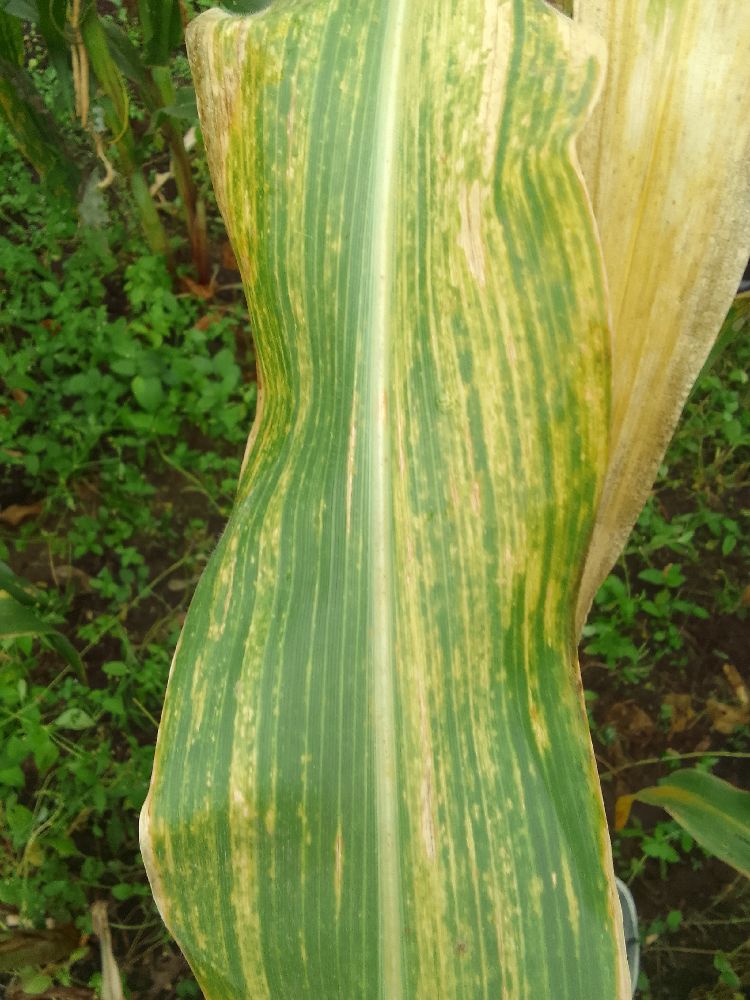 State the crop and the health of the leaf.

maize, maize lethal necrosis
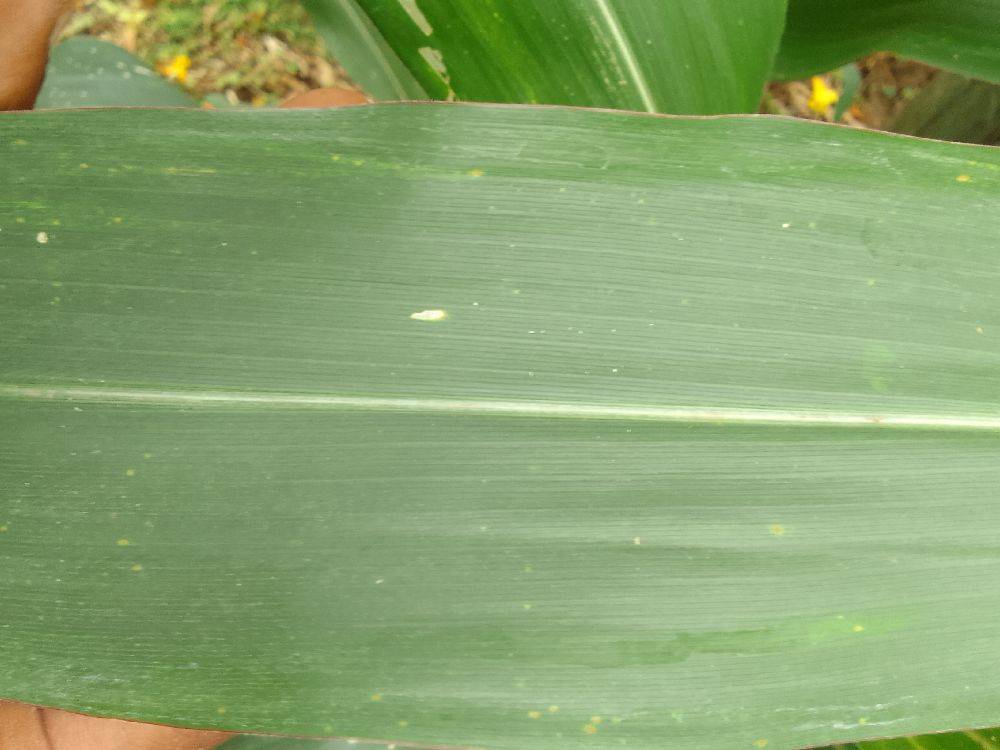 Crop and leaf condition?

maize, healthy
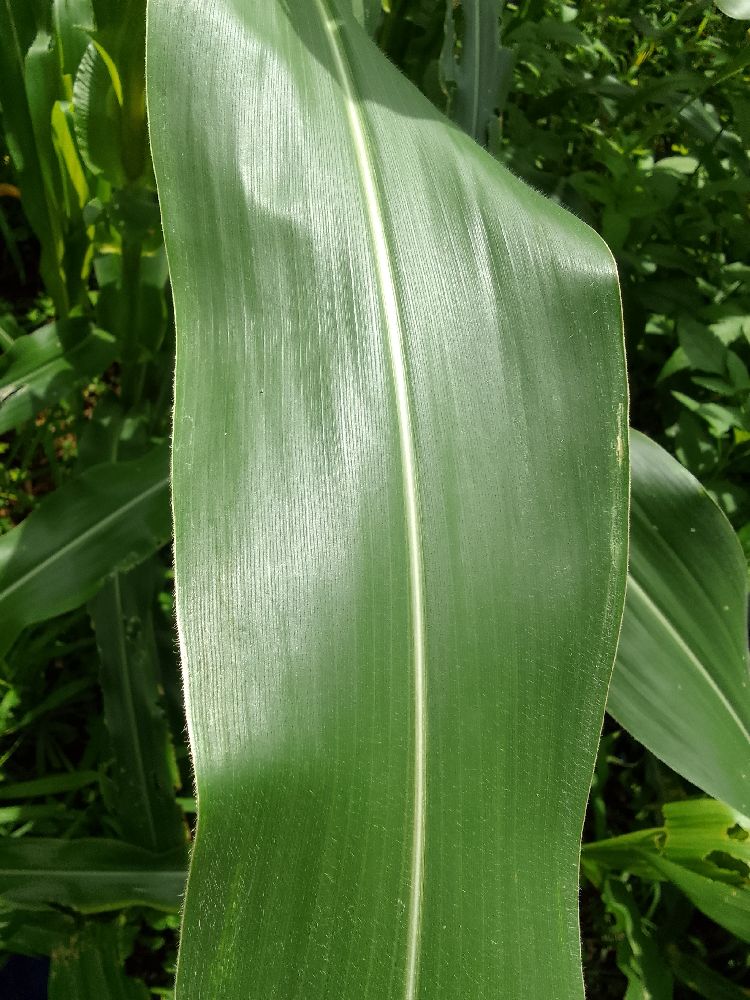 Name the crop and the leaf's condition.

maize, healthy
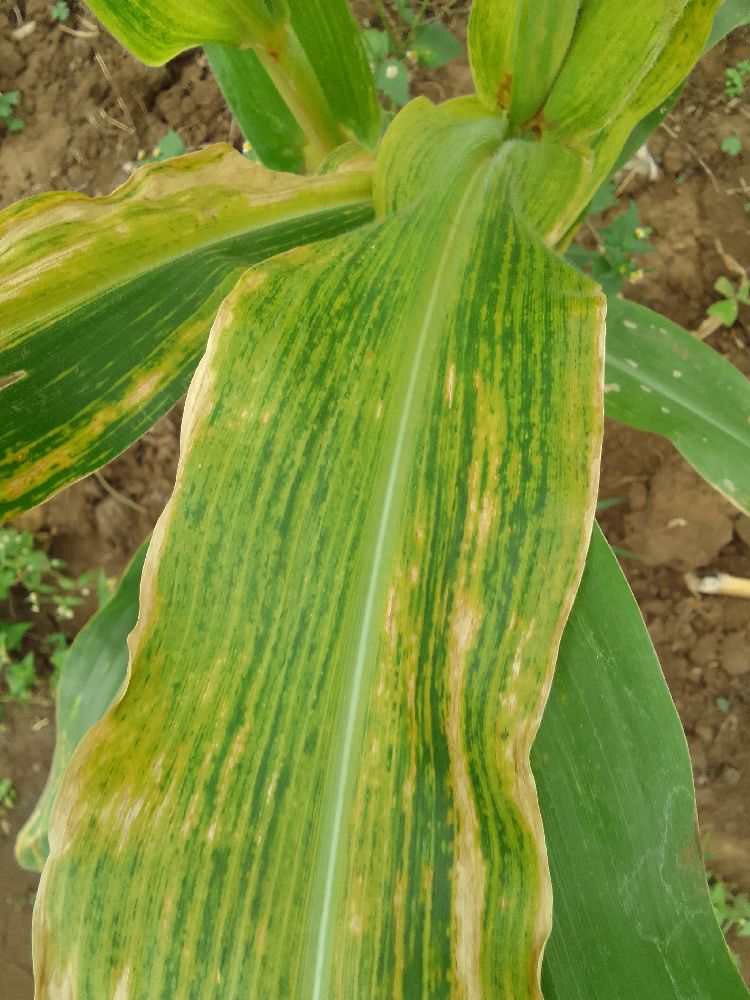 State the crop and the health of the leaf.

┄┄┄┄┄┄

Print the listing exactly, but skip its pictures.

 State the crop and the health of the leaf.

maize, maize lethal necrosis
 Crop and leaf condition?

maize, healthy
 Name the crop and the leaf's condition.

maize, healthy
 State the crop and the health of the leaf.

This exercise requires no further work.